Apenas es necesario explicar por qué la literatura se hace cada vez más secreta. Los medios masivos de in-comunicación parecen obstinados en alejar al público de la lectura y en todo caso volver a ésta una forma del entretenimiento. Fuera de la reducida lista de nombres que atraen la mirada en las mesas de novedades en las librerías, casi cualquier otro escritor cumple un nuevo acto secreto con cada libro que publica. Curioso fenómeno: a medida que se reduce el espectro literario, se amplían aunque esta dilatación es relativa los círculos de «iniciados», es decir, aquellos que se ligan por una u otra razón a tal o cual obra. Cada autor involuntariamente «secreto» tendrá sus lectores y éstos, sea cual sea su número y conociéndose entre sí o no, formarán un círculo de iniciados. Aunque hay un exoterismo en este esoterismo: «iniciado» es cualquiera que lea a un autor no incluido en esa lista de nombres conocidos.

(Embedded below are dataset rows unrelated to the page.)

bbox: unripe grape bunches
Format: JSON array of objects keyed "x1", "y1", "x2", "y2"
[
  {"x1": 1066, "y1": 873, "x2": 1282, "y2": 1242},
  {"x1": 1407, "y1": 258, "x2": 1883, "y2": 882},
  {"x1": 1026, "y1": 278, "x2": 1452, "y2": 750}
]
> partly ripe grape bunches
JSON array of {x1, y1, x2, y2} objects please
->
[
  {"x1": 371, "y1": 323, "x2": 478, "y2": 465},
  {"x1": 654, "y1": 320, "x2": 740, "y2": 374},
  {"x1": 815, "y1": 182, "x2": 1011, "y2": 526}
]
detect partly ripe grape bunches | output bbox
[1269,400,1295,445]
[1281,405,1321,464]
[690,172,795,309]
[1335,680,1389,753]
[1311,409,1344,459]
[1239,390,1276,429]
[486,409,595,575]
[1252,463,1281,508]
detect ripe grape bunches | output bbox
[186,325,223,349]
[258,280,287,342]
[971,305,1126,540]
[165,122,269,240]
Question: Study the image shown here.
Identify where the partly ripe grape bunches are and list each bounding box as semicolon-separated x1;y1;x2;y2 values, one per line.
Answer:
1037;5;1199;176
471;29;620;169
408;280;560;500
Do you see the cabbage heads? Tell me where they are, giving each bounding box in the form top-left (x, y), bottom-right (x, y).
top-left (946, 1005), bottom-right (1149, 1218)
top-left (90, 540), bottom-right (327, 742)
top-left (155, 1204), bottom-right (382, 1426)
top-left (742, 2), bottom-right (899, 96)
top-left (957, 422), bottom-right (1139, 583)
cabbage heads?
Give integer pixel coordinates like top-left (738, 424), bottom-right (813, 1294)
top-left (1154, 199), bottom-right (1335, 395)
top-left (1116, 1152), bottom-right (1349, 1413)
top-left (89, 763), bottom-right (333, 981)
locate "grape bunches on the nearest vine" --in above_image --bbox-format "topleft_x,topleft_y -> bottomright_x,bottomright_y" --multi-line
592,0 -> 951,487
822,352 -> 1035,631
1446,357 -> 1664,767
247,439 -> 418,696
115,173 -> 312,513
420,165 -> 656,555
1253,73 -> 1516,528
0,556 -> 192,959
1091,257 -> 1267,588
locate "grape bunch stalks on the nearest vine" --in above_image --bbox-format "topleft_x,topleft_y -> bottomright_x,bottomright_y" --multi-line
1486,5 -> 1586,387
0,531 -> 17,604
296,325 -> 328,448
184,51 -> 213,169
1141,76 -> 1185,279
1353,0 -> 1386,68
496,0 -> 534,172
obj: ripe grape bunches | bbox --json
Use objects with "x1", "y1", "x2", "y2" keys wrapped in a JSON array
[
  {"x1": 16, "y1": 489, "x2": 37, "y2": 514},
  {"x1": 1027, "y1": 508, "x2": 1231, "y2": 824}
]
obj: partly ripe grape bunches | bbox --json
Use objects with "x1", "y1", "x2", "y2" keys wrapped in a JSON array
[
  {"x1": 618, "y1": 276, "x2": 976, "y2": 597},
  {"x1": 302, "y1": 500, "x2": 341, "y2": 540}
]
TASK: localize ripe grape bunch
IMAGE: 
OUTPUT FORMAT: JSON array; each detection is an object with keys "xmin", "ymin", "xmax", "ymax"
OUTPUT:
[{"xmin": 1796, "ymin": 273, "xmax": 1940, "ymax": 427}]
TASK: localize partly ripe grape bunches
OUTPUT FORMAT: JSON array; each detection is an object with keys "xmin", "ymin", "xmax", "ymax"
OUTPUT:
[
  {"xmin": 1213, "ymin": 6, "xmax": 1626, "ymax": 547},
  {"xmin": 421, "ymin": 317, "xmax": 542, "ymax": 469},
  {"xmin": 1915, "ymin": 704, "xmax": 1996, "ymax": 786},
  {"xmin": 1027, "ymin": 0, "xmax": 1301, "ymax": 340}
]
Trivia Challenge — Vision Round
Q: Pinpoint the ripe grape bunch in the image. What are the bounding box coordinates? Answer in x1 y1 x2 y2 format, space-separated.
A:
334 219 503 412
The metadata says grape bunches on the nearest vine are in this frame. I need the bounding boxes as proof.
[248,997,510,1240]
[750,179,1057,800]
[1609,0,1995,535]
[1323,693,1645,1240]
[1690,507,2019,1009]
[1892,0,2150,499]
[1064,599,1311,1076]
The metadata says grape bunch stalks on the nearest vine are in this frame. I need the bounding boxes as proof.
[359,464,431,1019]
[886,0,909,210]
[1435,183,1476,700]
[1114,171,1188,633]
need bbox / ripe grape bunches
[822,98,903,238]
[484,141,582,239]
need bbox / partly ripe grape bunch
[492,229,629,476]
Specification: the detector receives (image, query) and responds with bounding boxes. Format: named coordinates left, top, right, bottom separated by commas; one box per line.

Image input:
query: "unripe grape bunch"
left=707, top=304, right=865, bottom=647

¿Qué sucede, pues, con aquellos escritores que además eligieron como propio el territorio de lo marginal, lo ajeno al llamado mundo de la cultura? Lo que sucede es evidente, por ejemplo, en un artículo sobre Felisberto Hernández escrito por el barcelonés Javier Goñi y publicado en la revista española Leer. Goñi nos hace ver que uno habla de Borges, Onetti, de Cortázar o de Fuentes, pero en cambio dice Macedonio y no Fernández o Felisberto y no Hernández: «Entre nosotros los iniciados, Felisberto es Felisberto, como Federico [García Lorca] era Federico, para los que se suponían amigos, aunque nunca lo soportaran». ¿Qué autoriza esta «familiaridad», el saberse entre amigos o la impunidad? De hecho, la familiaridad brota de sentirse más a gusto (léase menos a disgusto) con los escritores doblemente secretos, aquellos que como escribe Goñi «se dieron cabezazos contra el Muro de las Lamentaciones de la Literatura Auténtica sin Oropeles, pero que no desfallecieron nunca. Tenían que hacer lo que hicieron, sin salirse de su propio y difícil camino amarillo que les llevaba, sin ayuda de nadie, a Oz».
Entre la antropofagia y la impunidad
Por el hecho de ser poco conocidos, una serie de equívocos convierte a estos escritores secretos en «dominio público». Buen ejemplo de ello encontró Alejandro Toledo en un libro de relatos de Hernán Lavín Cerda, «Historia de Beppo el inmóvil». En los párrafos de esta obra, Toledo descubrió entretejidas algunas voces de Antonio Porchia (el término genérico que el autor italo-argentino dio a sus aforismos) sin que se diera ningún crédito a su autor. Algunas voces estaban levemente cambiadas; Lavín Cerda escribe: «Vienes de morirte: no de haber nacido. De haber nacido te vas». La original voz de Porchia dice: «Vengo de morirme, no de haber nacido. De haber nacido me voy». En otros casos hay una literalidad a lo Pierre Ménard; Porchia afirma: «En mi silencio sólo falta mi voz». Lavín quita la mayúscula inicial y coloca esta voz a mitad de un párrafo suyo: «en mi silencio sólo falta mi voz».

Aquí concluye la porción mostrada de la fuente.